WORKING DATA »
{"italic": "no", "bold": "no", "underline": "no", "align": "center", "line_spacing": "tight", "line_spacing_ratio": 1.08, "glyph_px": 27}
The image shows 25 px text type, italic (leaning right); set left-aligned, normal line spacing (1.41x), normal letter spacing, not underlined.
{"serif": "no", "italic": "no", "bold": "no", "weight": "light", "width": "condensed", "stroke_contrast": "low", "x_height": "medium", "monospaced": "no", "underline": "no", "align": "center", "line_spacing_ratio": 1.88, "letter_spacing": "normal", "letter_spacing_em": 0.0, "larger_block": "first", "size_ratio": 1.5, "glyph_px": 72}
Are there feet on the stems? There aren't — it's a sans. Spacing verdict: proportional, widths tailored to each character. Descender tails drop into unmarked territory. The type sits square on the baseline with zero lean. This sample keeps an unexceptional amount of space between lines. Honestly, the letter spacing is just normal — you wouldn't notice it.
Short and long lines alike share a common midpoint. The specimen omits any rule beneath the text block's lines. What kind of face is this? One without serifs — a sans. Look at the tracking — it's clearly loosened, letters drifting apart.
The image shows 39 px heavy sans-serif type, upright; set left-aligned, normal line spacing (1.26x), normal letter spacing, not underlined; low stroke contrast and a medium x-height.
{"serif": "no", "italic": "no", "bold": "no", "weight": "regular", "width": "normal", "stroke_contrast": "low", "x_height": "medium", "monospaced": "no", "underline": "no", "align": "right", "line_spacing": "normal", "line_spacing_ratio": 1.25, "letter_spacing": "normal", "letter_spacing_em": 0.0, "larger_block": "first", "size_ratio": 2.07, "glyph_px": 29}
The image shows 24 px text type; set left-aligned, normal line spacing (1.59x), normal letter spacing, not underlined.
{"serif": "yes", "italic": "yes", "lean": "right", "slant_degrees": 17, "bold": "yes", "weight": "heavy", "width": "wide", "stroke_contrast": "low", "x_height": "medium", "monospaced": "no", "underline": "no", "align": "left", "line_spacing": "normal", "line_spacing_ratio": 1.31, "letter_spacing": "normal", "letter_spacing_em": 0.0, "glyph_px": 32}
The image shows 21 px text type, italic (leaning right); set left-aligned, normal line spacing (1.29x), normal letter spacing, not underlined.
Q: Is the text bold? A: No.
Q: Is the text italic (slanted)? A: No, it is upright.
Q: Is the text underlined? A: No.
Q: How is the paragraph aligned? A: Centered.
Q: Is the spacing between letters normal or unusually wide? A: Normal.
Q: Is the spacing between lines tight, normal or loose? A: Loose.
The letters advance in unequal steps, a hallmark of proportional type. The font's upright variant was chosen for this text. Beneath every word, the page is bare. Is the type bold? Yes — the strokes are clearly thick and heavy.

EXERCISE AIM » Copy the listing word for word.

EXERCISE OUTPUT »
{"italic": "no", "bold": "no", "underline": "no", "align": "center", "line_spacing": "tight", "line_spacing_ratio": 1.08, "glyph_px": 27}
The image shows 25 px text type, italic (leaning right); set left-aligned, normal line spacing (1.41x), normal letter spacing, not underlined.
{"serif": "no", "italic": "no", "bold": "no", "weight": "light", "width": "condensed", "stroke_contrast": "low", "x_height": "medium", "monospaced": "no", "underline": "no", "align": "center", "line_spacing_ratio": 1.88, "letter_spacing": "normal", "letter_spacing_em": 0.0, "larger_block": "first", "size_ratio": 1.5, "glyph_px": 72}
Are there feet on the stems? There aren't — it's a sans. Spacing verdict: proportional, widths tailored to each character. Descender tails drop into unmarked territory. The type sits square on the baseline with zero lean. This sample keeps an unexceptional amount of space between lines. Honestly, the letter spacing is just normal — you wouldn't notice it.
Short and long lines alike share a common midpoint. The specimen omits any rule beneath the text block's lines. What kind of face is this? One without serifs — a sans. Look at the tracking — it's clearly loosened, letters drifting apart.
The image shows 39 px heavy sans-serif type, upright; set left-aligned, normal line spacing (1.26x), normal letter spacing, not underlined; low stroke contrast and a medium x-height.
{"serif": "no", "italic": "no", "bold": "no", "weight": "regular", "width": "normal", "stroke_contrast": "low", "x_height": "medium", "monospaced": "no", "underline": "no", "align": "right", "line_spacing": "normal", "line_spacing_ratio": 1.25, "letter_spacing": "normal", "letter_spacing_em": 0.0, "larger_block": "first", "size_ratio": 2.07, "glyph_px": 29}
The image shows 24 px text type; set left-aligned, normal line spacing (1.59x), normal letter spacing, not underlined.
{"serif": "yes", "italic": "yes", "lean": "right", "slant_degrees": 17, "bold": "yes", "weight": "heavy", "width": "wide", "stroke_contrast": "low", "x_height": "medium", "monospaced": "no", "underline": "no", "align": "left", "line_spacing": "normal", "line_spacing_ratio": 1.31, "letter_spacing": "normal", "letter_spacing_em": 0.0, "glyph_px": 32}
The image shows 21 px text type, italic (leaning right); set left-aligned, normal line spacing (1.29x), normal letter spacing, not underlined.
Q: Is the text bold? A: No.
Q: Is the text italic (slanted)? A: No, it is upright.
Q: Is the text underlined? A: No.
Q: How is the paragraph aligned? A: Centered.
Q: Is the spacing between letters normal or unusually wide? A: Normal.
Q: Is the spacing between lines tight, normal or loose? A: Loose.
The letters advance in unequal steps, a hallmark of proportional type. The font's upright variant was chosen for this text. Beneath every word, the page is bare. Is the type bold? Yes — the strokes are clearly thick and heavy.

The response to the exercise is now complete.